══ DATA EXTRACT ══

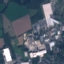
Land use / land cover class: Industrial
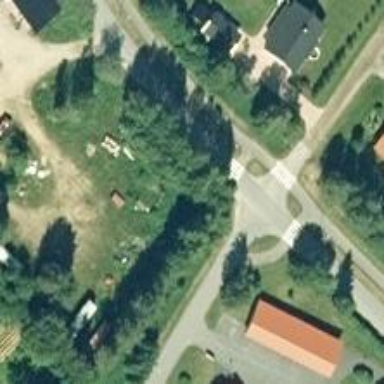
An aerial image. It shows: Uncontrolled road crossing.
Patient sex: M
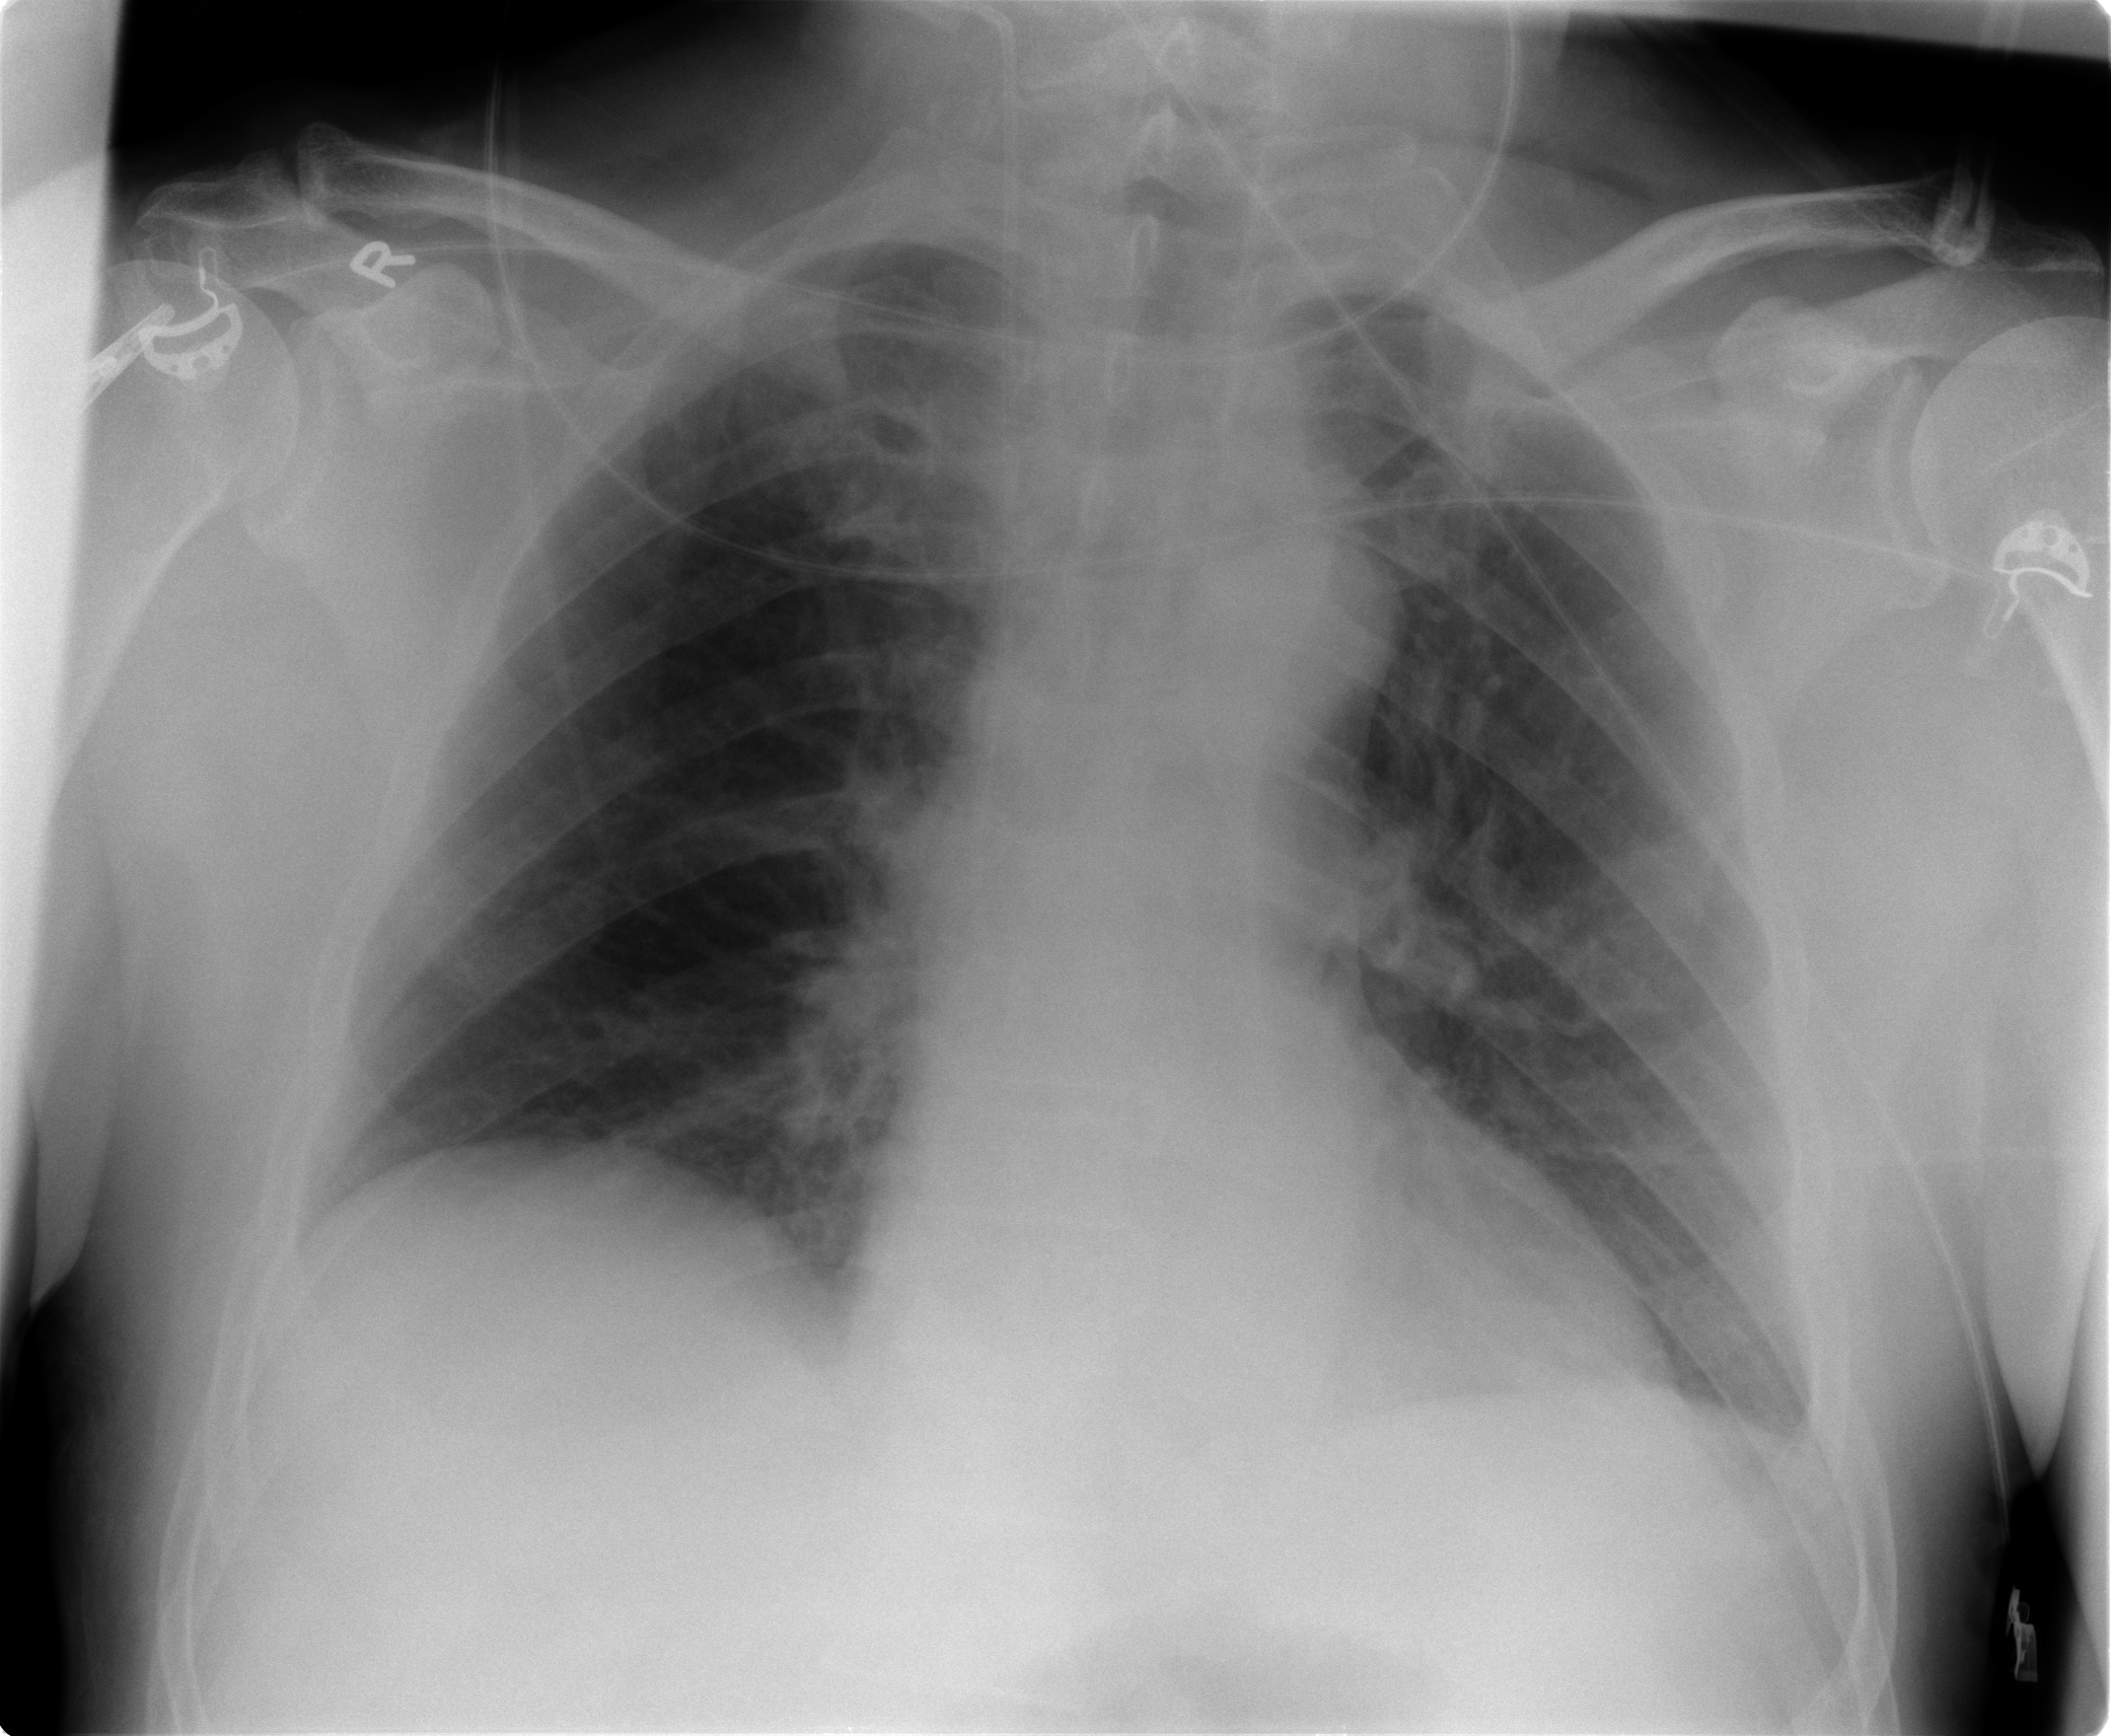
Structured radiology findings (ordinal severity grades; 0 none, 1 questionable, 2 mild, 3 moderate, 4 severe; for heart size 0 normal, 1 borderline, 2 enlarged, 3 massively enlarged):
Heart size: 0
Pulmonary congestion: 0
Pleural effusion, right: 0
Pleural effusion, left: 1
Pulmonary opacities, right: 0
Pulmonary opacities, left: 0
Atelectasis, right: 0
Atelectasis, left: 1
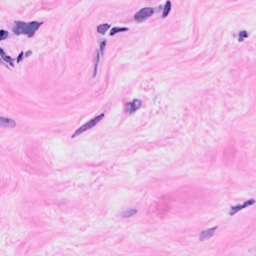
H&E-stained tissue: Breast
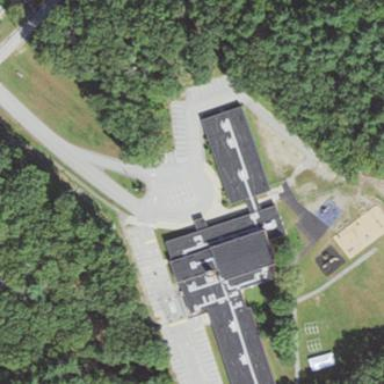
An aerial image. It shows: School.
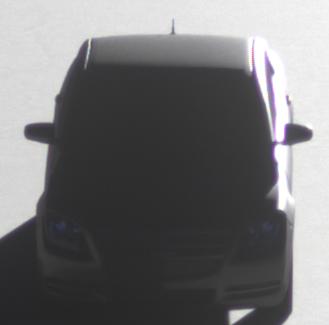
Make: Chevrolet
Model: Malibu 2.4
Detailed model: Malibu
Model produced from: 2012/07
Model produced until: 2014/08
Doors: 4
Color: gray
Road condition: dry road
Daytime: sunrise or sunset
Contrast: high contrast
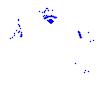
Particle: electron
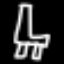
Label: chair
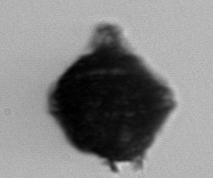
Label: Gonyaulax
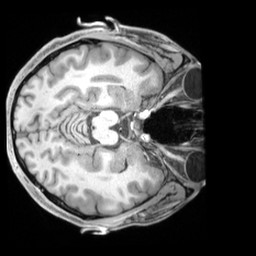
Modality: T1w
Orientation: axial
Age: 25
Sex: male
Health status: ill
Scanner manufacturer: siemens
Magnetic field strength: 3 T
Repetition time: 2.2 s
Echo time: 0.00218 s
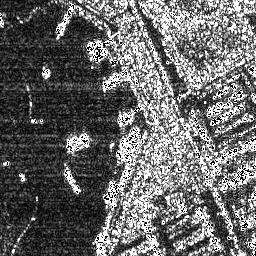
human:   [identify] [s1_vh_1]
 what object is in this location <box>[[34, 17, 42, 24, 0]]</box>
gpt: <ref>1 small ship at the top</ref>
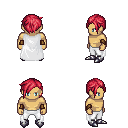
a pixel art fantasy rpg character, male body template, human, tanned skin, white cape, white pants, ruby red pixie cut hairstyle, leather bracers, metal boots, four views (front, back, left, right), 2x2 character sprite sheet, small pixel art, hard edges, no anti-aliasing

═══

ABOUT THIS EXERCISE: Reply with the count alone: how many lines of the records contain the string "opacities"?

WRITTEN ANSWER: 2